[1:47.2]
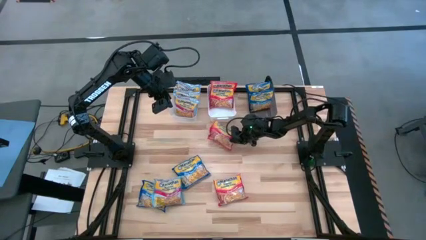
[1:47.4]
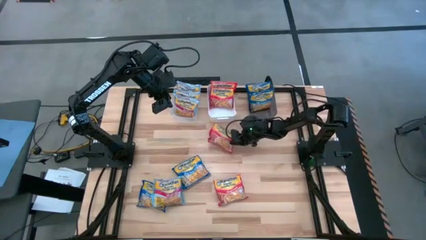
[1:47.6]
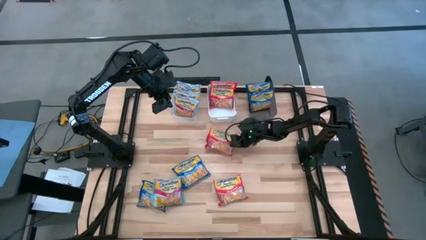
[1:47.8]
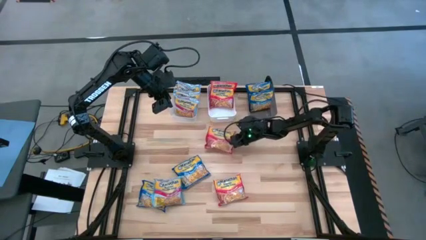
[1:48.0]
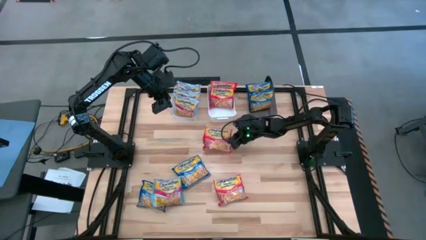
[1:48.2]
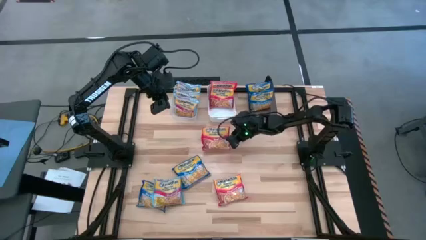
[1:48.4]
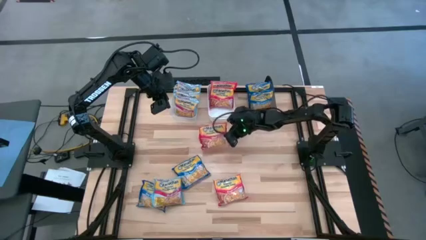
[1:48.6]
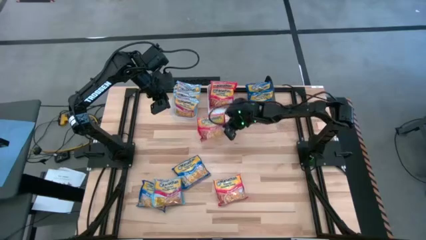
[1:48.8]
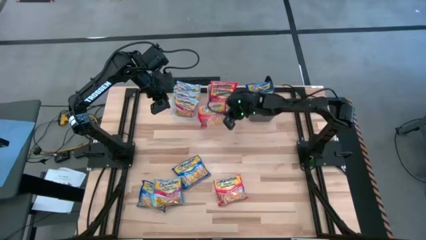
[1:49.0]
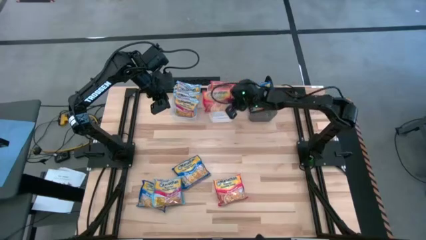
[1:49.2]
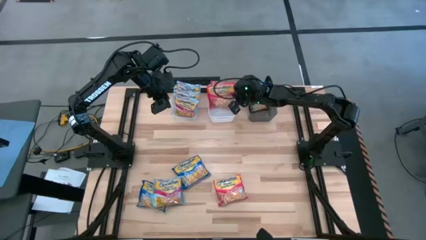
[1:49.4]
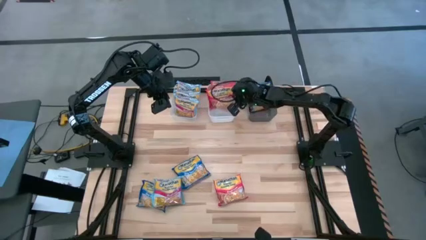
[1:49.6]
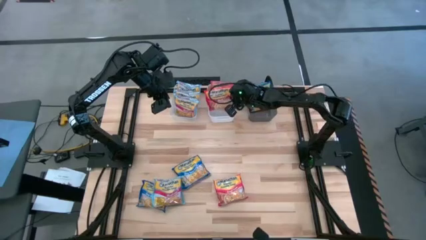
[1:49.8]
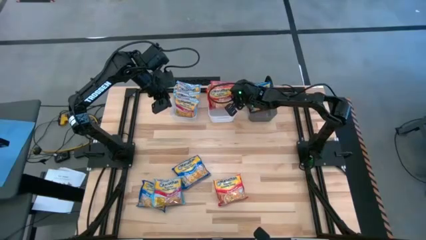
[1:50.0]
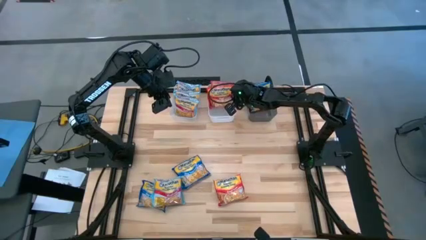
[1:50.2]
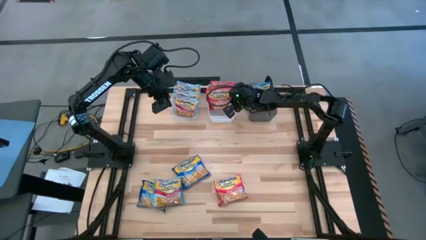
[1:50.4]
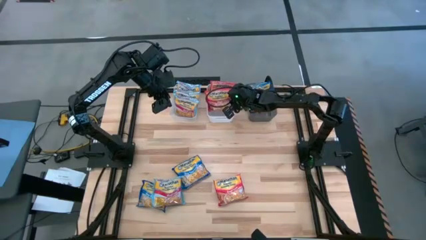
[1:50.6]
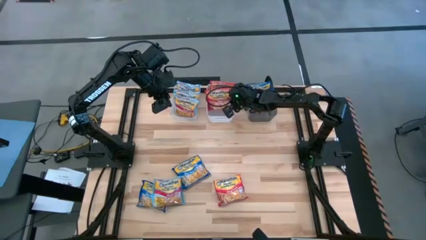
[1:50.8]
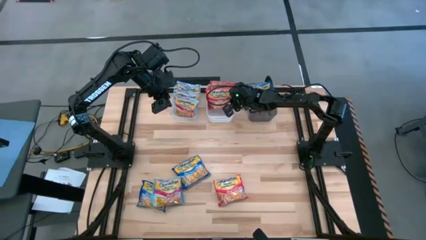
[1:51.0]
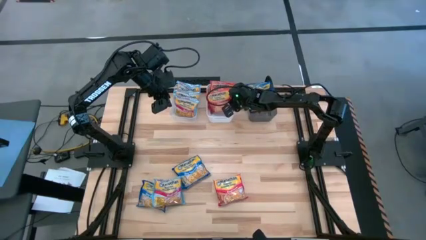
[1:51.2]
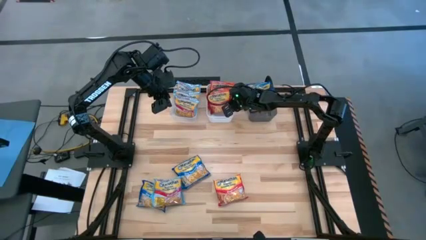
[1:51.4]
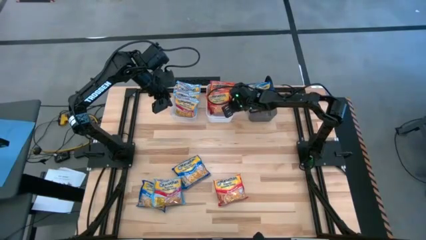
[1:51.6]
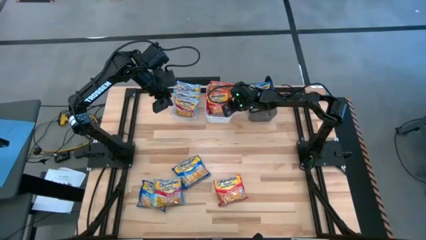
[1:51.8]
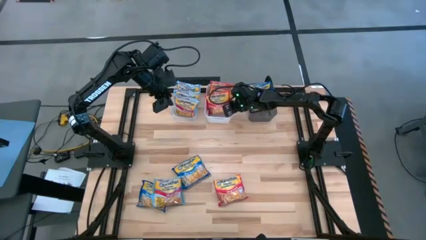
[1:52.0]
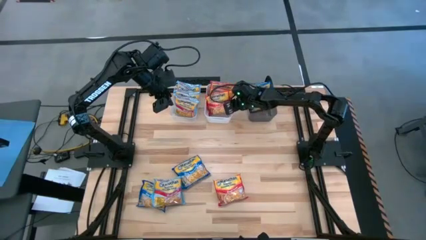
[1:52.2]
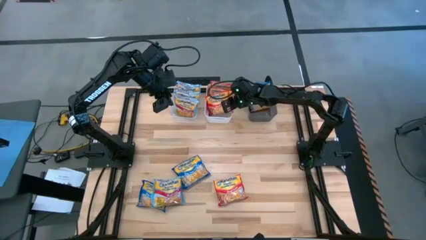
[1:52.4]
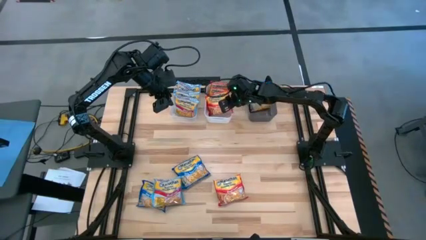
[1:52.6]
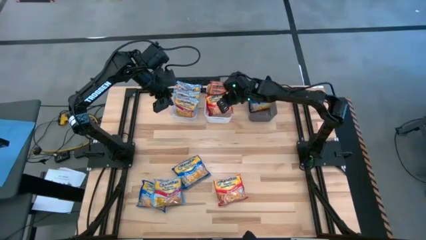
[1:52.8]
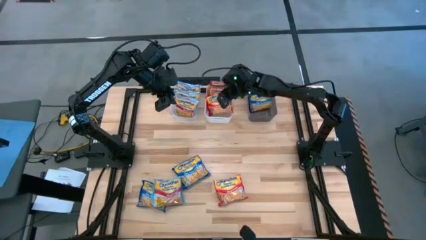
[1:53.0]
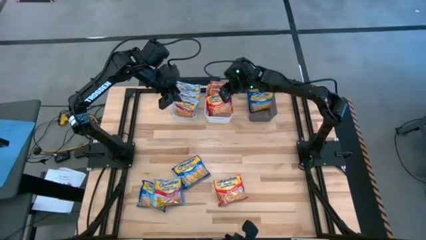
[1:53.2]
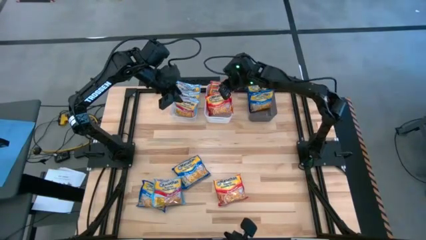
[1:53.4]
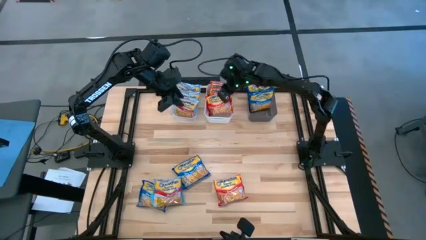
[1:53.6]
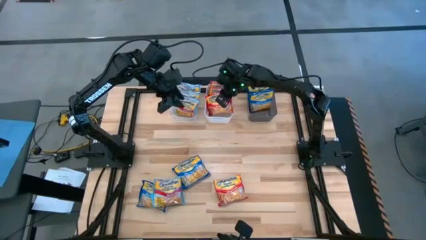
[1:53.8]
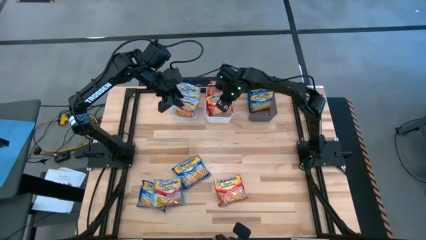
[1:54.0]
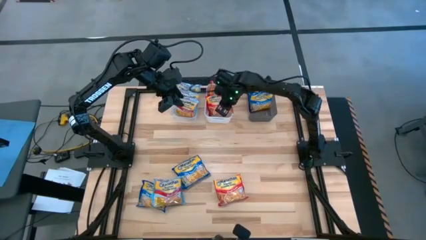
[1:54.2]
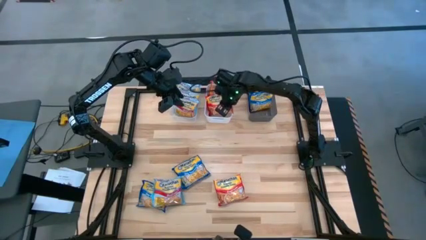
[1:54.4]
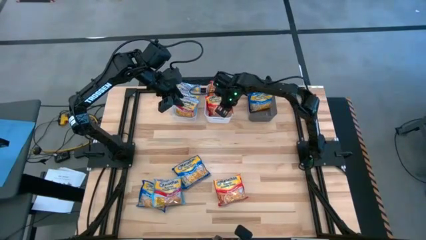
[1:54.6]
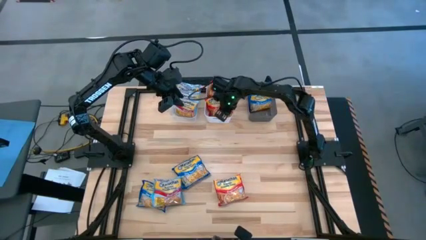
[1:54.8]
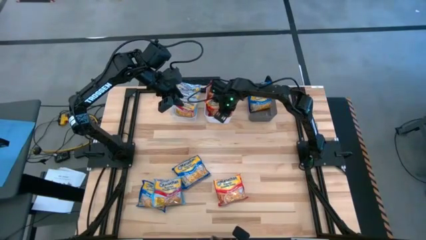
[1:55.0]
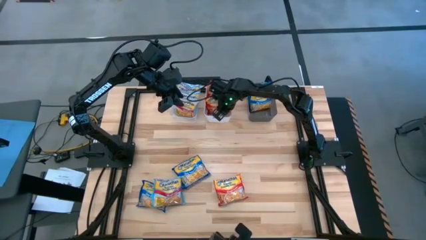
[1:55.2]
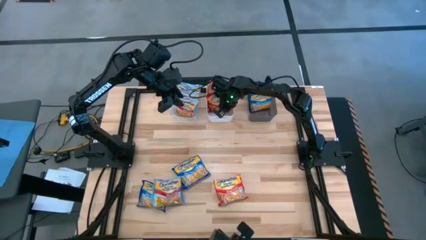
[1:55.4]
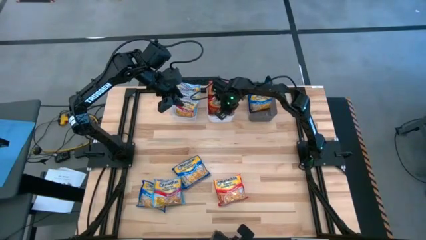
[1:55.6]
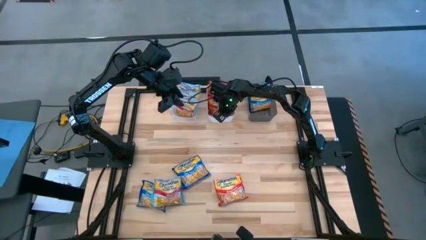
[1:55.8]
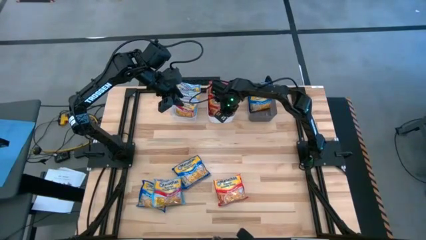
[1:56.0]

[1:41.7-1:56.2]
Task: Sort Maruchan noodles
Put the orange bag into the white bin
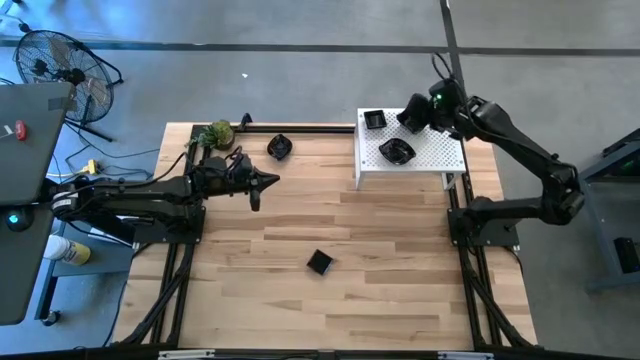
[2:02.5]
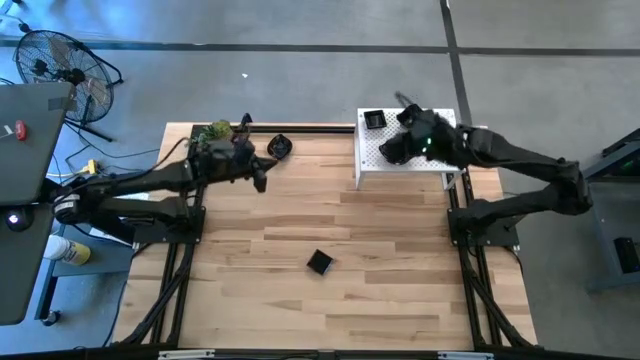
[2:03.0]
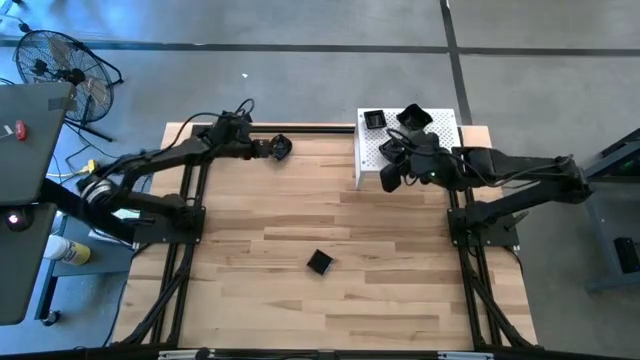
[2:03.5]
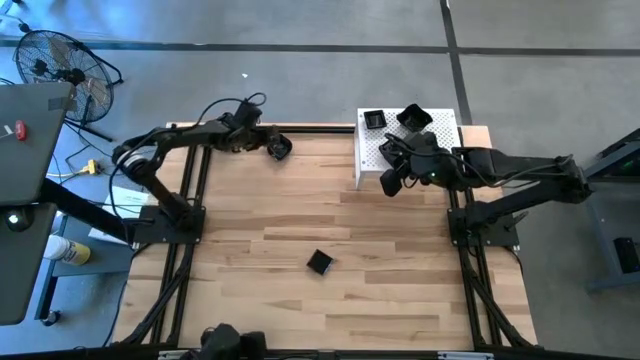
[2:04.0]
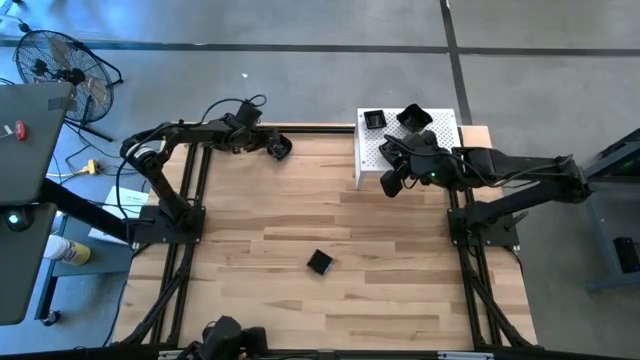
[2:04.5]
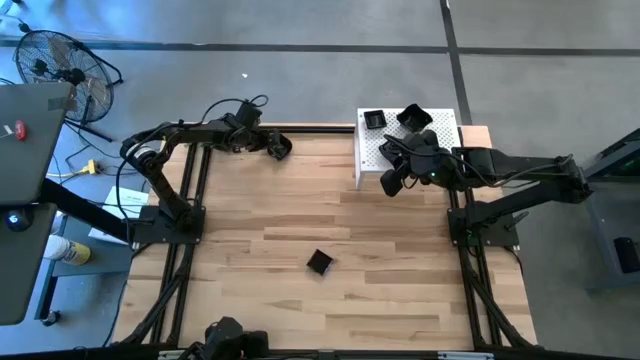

— What needs to be done —
Line by line, write out the data above exactly, without the pictures.

— Response to the exercise —
[1:47.2]
[1:47.4]
[1:47.6]
[1:47.8]
[1:48.0]
[1:48.2]
[1:48.4]
[1:48.6]
[1:48.8]
[1:49.0]
[1:49.2]
[1:49.4]
[1:49.6]
[1:49.8]
[1:50.0]
[1:50.2]
[1:50.4]
[1:50.6]
[1:50.8]
[1:51.0]
[1:51.2]
[1:51.4]
[1:51.6]
[1:51.8]
[1:52.0]
[1:52.2]
[1:52.4]
[1:52.6]
[1:52.8]
[1:53.0]
[1:53.2]
[1:53.4]
[1:53.6]
[1:53.8]
[1:54.0]
[1:54.2]
[1:54.4]
[1:54.6]
[1:54.8]
[1:55.0]
[1:55.2]
[1:55.4]
[1:55.6]
[1:55.8]
[1:56.0]

[1:41.7-1:56.2]
Task: Sort Maruchan noodles
Put the orange bag into the white bin
[2:02.5]
[2:03.0]
[2:03.5]
[2:04.0]
[2:04.5]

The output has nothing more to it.